我趴在沙发的碎花大扶手上,手有一搭没一搭的晃着。
衣袖卷到手臂间,我看着露在半空中的手。拿起电话。
“占儿。”
电话那头有嘈杂的声音,可以想象得到人来人往的情景。占儿应了一声。继而听到她跟身旁的人说了句:“拿去让老板签了。对,这份!”然后才对我说,“今个儿怎么有空找上我?”话毕,又听到那头有人找占儿的声音。占儿快速的应答了几句。
“会不会打扰你?”我有点不好意思了。
“不会。你说吧。”
我却顿住了,一时间不知道怎么说。
占儿等了等我,不见我说话,“你是不是想要份工作?”
“你怎么知道?!”我讶异。
占儿想了想,“我知道你被封杀的事。”
我泄了泄气,“你也知道了?”
“嗯,对。基本上这个城市有点规模的公司都知道了。”
“对不起,如果——”
“明天你来上班吧。”占儿打断了我的话。
我惊讶,“那个...没关系吗?”
“嗯,你来吧。老板那里也不用担心。最近他老婆身体出了些问题,忙着照顾老婆,很多东西都交了给我。明天不要迟到。先这样了,会议在等我。”
占儿利落地挂上了电话。
我听着那头“嘟嘟”的声音,有点恍然。
物事人非了吗?
孔雀成了珠宝商的情妇。
占儿成了鸡窝的主管。
我成了瞎子的正式女朋友。
短短几个月的时间,好像很多东西都改变了。
那么剩下没变的是什么?
我想我知道的,是坚持。
孔雀的坚持,占儿的坚持,我的坚持...
我很清楚,无论是孔雀,占儿,还是我,都从不会去想如果。世界上没有如果。
孔雀是为了证明自己是对的;占儿是为了生活。而我呢?
小茹还在角落跟毛球滚得翻天覆地。
我翻了翻身,躺在软软的沙发上望着窗外绵绵的天空。
很蓝,很蓝。
想到了瞎子温和的微笑,就跟天空一样,很蓝很蓝。
我眯着眼,笑了起来。
孔雀说过,我们都是生活的奴隶。
起码,此时此刻的我不在“我们”的范畴之内。
天晴。
乍暖。
可是,还寒。
清照大诗人说的最难将息正是这种天气。
最难将息。
风中已经捎着轻微的暖意,可是吹过我脸庞的时候,我还是打了个冷颤。
手搁在玻璃门的扶手上,顿住。
看着里面沉着镇静,指挥自若的占儿,还是从前坐在我旁边与我共事的朴实占儿吗?
刚刚要进门的时候,正好有个旧同事出来,她的表情很热切:“啊哟,茹子呵,欢迎你回来啊!咱们都挂念你呢!进去吧,李老板在里面早等着你!”

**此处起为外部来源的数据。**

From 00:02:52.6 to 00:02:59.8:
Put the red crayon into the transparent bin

“李老板?”我不明所以。从前那个中年男人好像不姓李吧。
“呵呵,你还不知道啊?昨天晚上一直跟你亲的占儿坐正了啊,以前的那个中年男人跑了,把烂摊子贱卖给占儿了!”
我一下子了然。
李占儿。李老板。
怪不得那个旧同事对我的表情如此热切了。
思绪收回,推门而进。
“嗯,这个收!”
“那个不要了,丢的!”
“移进去!”
办公室里头人头济济,众人在忙着替老板搬办公室。而我也看到了,那扇写着总经理的门,已经换上了占儿的全名。

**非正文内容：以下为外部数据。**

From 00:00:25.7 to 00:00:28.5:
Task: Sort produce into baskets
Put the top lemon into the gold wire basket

我看着那个房间,想起了从前里面传出来的东方之珠,想起了中年男人微微秃顶的头,想起了孔雀在里面的笑声。
还不到半年。
可是那些还历历在目。
可是,以后,以后,没有了。
会有占儿朴实的微笑,会有占儿干脆的声音,会有不断的“李老板”“李老板”的叫声。
我傻笑着。
即使是个烂摊子,我也相信占儿的能力绝对能把它救起来!
“想什么想得自己在傻笑?”占儿的声音敲断了我的傻笑。
我转过头,就能看见她一如往日的笑容。仿佛我从来没有离开过,仿佛昨天的早上占儿还替我买热热的早餐粥。
没变。
没变的感觉真好!
“李老板,早上好!”
“你就知道起哄!不玩了,今天会有很多事情忙!你到那边的房间收拾你的东西。”
循着占儿指的方向看去,那间房间指的正是从前孔雀的房间。
我咧开嘴巴大笑着拉住占儿的手,“我的不忙,李老板我帮你收拾收拾总经理房间!”
说着已经起跑向总经理房间了。
只剩下占儿在后面“诶诶诶!”的叫着。
总经理房间的窗户很明亮。
外面的阳光射进来。
收拾间扬起的粉尘粒粒随风飘动。
忽然有种错觉是漫天的飞花。
认真的替占儿的房间擦上擦下,很用劲儿。
很用劲儿。
占儿见我那股劲儿狠着也没有多阻止我,随了我去。
从来占儿就很纵我。
想起了从前的点点滴滴。
家豪给占儿做粥占儿总留上我一份。
占儿总叮嘱我跟瞎子上街的时候要抓好瞎子,不是怕瞎子走丢而是不放心我乱跑撞倒人。
占儿总喜欢嚷我上火的时候多喝鱼头豆腐汤。
占儿很清楚我的生理日子。
占儿知道我喜欢的颜色。
...
当朋友当到这个份上我也就足够了。
从公司回到家里。
瞎子早在家里的厨房忙着了。
咚咚锵锵。
阵阵香味不断传出。
我死尸一样陷进沙发里。
在占儿的总经理房间忙了个天昏地暗,直到那个房间的桌面都能发亮我才肯罢工。占儿笑着看我的疯劲。她是知道的,我是替她开心。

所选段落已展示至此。